Inside the code editor, use the navigator sidebar on the left-hand side to navigate to the
notebooks
directory and open the first notebook.
Follow the instructions on the notebook and work through the notebooks in sequence.
To test in simulation, use the command
$ dts code workbench --sim
There will be two URLs popping up to open in your browser: one is the direct view of the simulated environment. The other is VNC and only useful for some exercises, follow the instructions in the notebooks to see if you need to access VNC.
This simulation test is just that, a test. Don't trust it fully. If you want a more accurate
metric of performance, continue reading to the Perform local evaluation
section below.
While we try our best to support running these exercises on all versions of the Duckiebot, some activities require special hardware and are only supported on specific robots. Please use this section to ensure the compatibility of the exercise and your robot.
The support matrix of this exercise is as follows:
Duckiebot Type | Configuration | Support Level |
---|---|---|
DB21-J4 | Jetson 4GB | ✔️ Full Support |
DB21-J2 | Jetson 2GB | ✔️ Full Support |
You can test your agent on the robot using the command,
dts code workbench --duckiebot YOUR_DUCKIEBOT
In this mode "everything runs on the robot".
You can also test using
dts code workbench --duckiebot YOUR_DUCKIEBOT --local
In this mode instead "drivers run on the robot, agent runs on the laptop.". When testing like this you should expect reduced latency from computation (your computer is likely more powerful than the Duckiebot's onboard computer) but increased latency from network (as data and commands need to be shipped back and forth). Generally speaking the performance of this mode should be better than runnning the agent on the robot for computationally intensive agents, but this mode suffers from environmental factors (network quality and use).
We suggest you evaluate your work locally before submitting your solution. You can do so by running the following command,
dts code evaluate
This will take a few minutes and it is not supposed to be an interactive process: just let it run, and when you return you will find the output in a folder, including videos, and trajectories, and all the statistics you would usually find on the website.
When you are ready to submit your agent solution, use the following command:
dts code submit
This will package all your code and send it to the Duckietown challenges server for evaluation.
If an error of this form occurs
Traceback (most recent call last):
File "/usr/local/lib/python3.8/dist-packages/duckietown_challenges_cli/cli.py", line 76, in dt_challenges_cli_main
dt_challenges_cli_main_(args=args, sections=sections, main_cmd="challenges")

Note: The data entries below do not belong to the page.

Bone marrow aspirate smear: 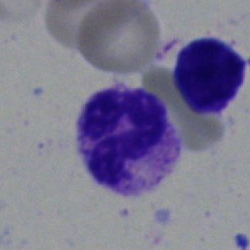

Single cell identified as a segmented neutrophil.
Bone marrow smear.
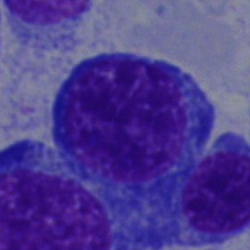 Specimen: bone marrow aspirate smear.
Morphological class: nucleated red cell.
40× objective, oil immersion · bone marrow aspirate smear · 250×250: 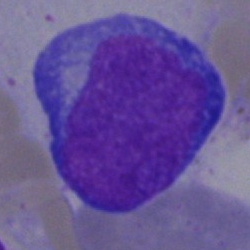

Morphology — blast cell.
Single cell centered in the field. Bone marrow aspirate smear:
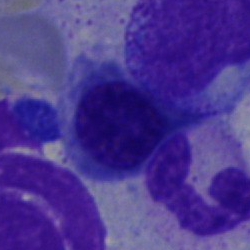 Morphological class — nucleated red blood cell.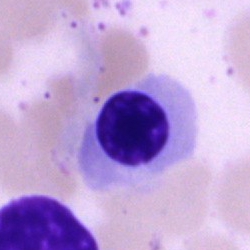 Classification: nucleated red blood cell.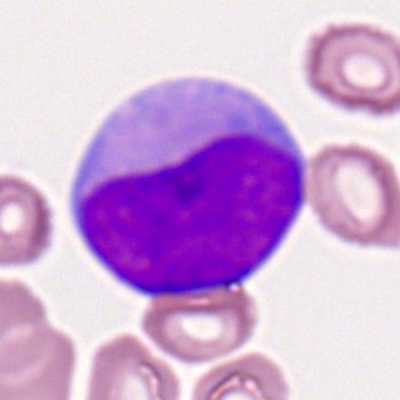
Q: What is the morphological classification of this cell?
A: A myeloblast.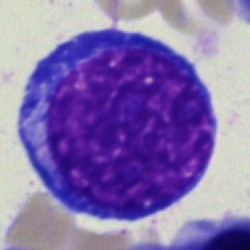 Impression → normoblast.
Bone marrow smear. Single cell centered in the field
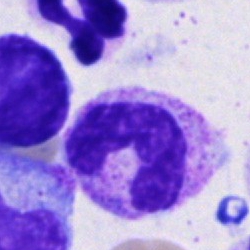

Morphology → band-form neutrophil.
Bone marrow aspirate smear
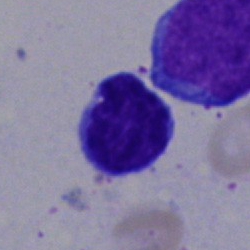

The cell shown is a lymphocyte.
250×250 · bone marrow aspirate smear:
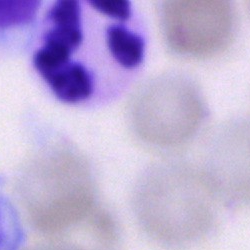 Cell type: segmented neutrophil.
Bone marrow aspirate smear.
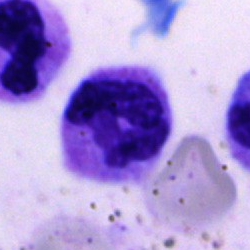 Specimen: bone marrow smear.
Morphological class: polymorphonuclear neutrophil.
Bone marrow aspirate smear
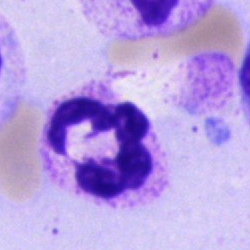Q: What is the morphological classification of this cell?
A: A neutrophil (segmented).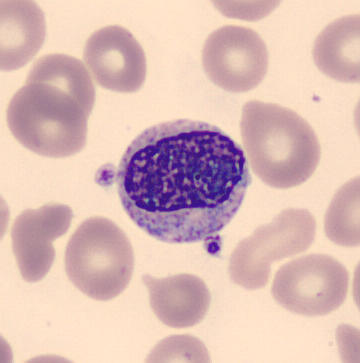 Morphology — metamyelocyte.
Peripheral blood smear.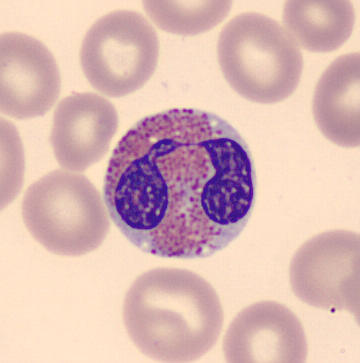
This is an eosinophil.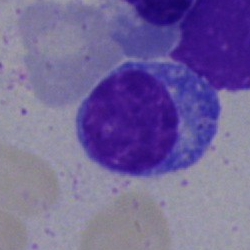 Single-cell crop from a bone marrow smear: typical lymphocyte.
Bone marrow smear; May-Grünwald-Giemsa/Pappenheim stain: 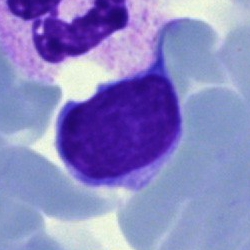
Q: Which cell type is shown here?
A: A typical lymphocyte.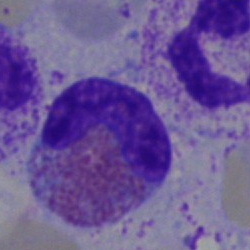
The cell shown is an eosinophil.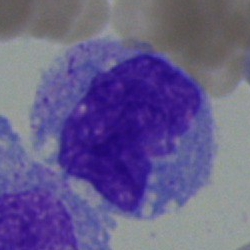
Q: What is the morphological classification of this cell?
A: A monocyte.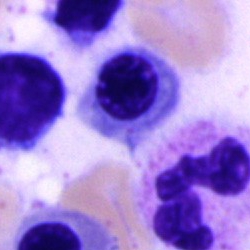

Morphology → nucleated red cell.
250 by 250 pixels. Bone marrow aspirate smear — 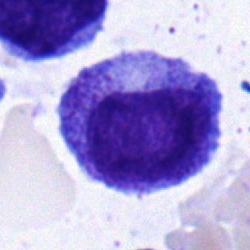
Specimen: bone marrow aspirate smear.
Cell: myelocyte.
Lineage: myeloid.
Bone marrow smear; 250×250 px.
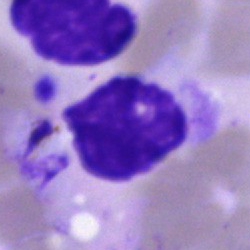
An unidentifiable cell.
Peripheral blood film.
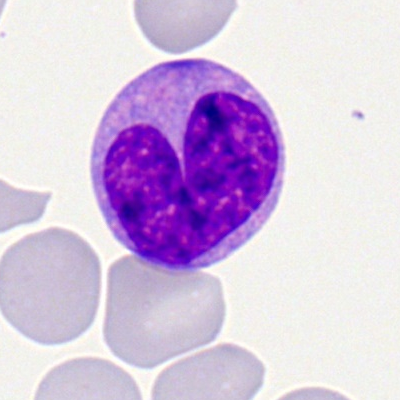Q: What is shown here?
A: Monocyte.
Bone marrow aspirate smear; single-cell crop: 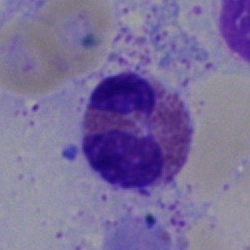Q: What type of cell is this?
A: Eosinophil.
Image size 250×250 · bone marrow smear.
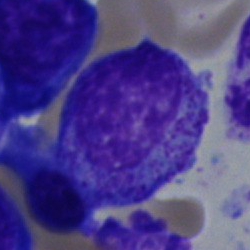 Cell type — myelocyte.
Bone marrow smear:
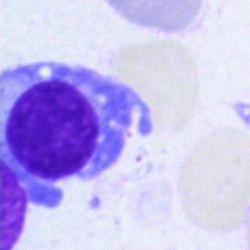
The morphological class is plasma cell.
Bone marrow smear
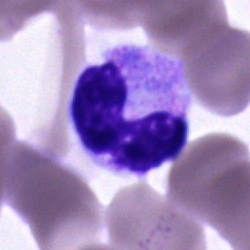
A polymorphonuclear neutrophil.
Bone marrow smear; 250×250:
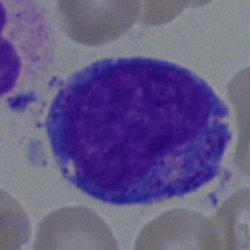Specimen: bone marrow smear.
Cell: progranulocyte.
Lineage: myeloid.
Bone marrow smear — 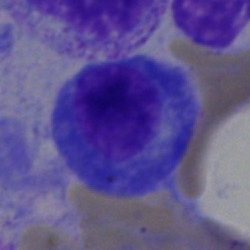

Showing a plasma cell.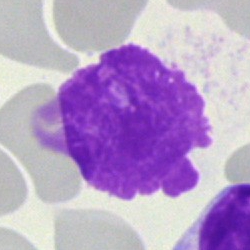Morphology → smudge cell.
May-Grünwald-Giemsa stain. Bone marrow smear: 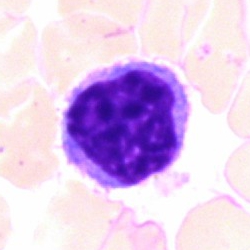

Cell type: lymphocyte.
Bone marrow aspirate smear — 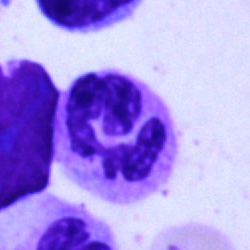

Cell type: segmented neutrophil.
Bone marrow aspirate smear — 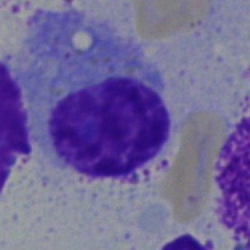
This is a plasmacyte.
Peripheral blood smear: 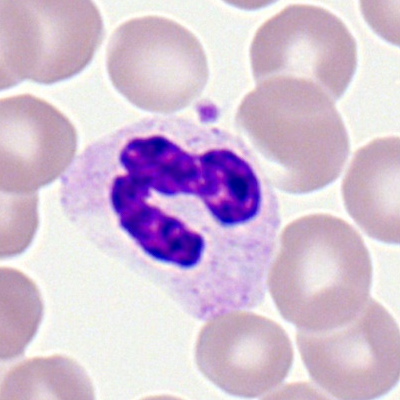

Cell type: segmented neutrophil.
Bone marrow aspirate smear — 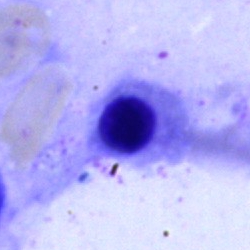

Classification — nucleated red blood cell.
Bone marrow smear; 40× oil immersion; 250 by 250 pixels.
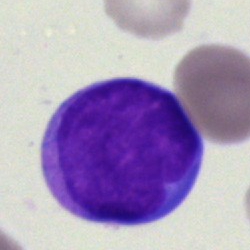Cell type — blast.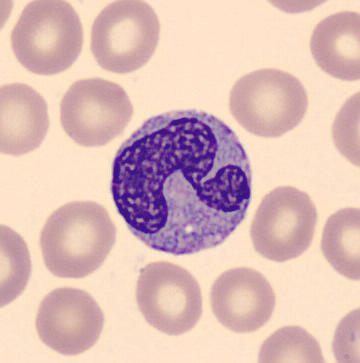

Q: What type of cell is this?
A: A monocyte. Acquisition: Peripheral blood film · single-cell field.

File "/usr/local/lib/python3.8/dist-packages/duckietown_challenges_cli/cli.py", line 203, in dt_challenges_cli_main_
f(rest, environment)
File "/usr/local/lib/python3.8/dist-packages/duckietown_challenges_cli/cli_submit.py", line 165, in dt_challenges_cli_submit
br = submission_build(
File "/usr/local/lib/python3.8/dist-packages/duckietown_challenges_cli/cmd_submit_build.py", line 41, in submission_build
raise ZException(msg, available=list(credentials))
zuper_commons.types.exceptions.ZException: Credentials for registry docker.io not available
available:
you need to log into docker using dts
. Use this command:
dts challenges config --docker-username <USERNAME> --docker-password <PASSWORD>
Note that you can "retire" submissions that you know are wrong.
You can do so by logging in on the challenges server using your token, finding the submission you want to retire from the list of submission in your user profile page, and using the "retire" button to the right of the submission record line.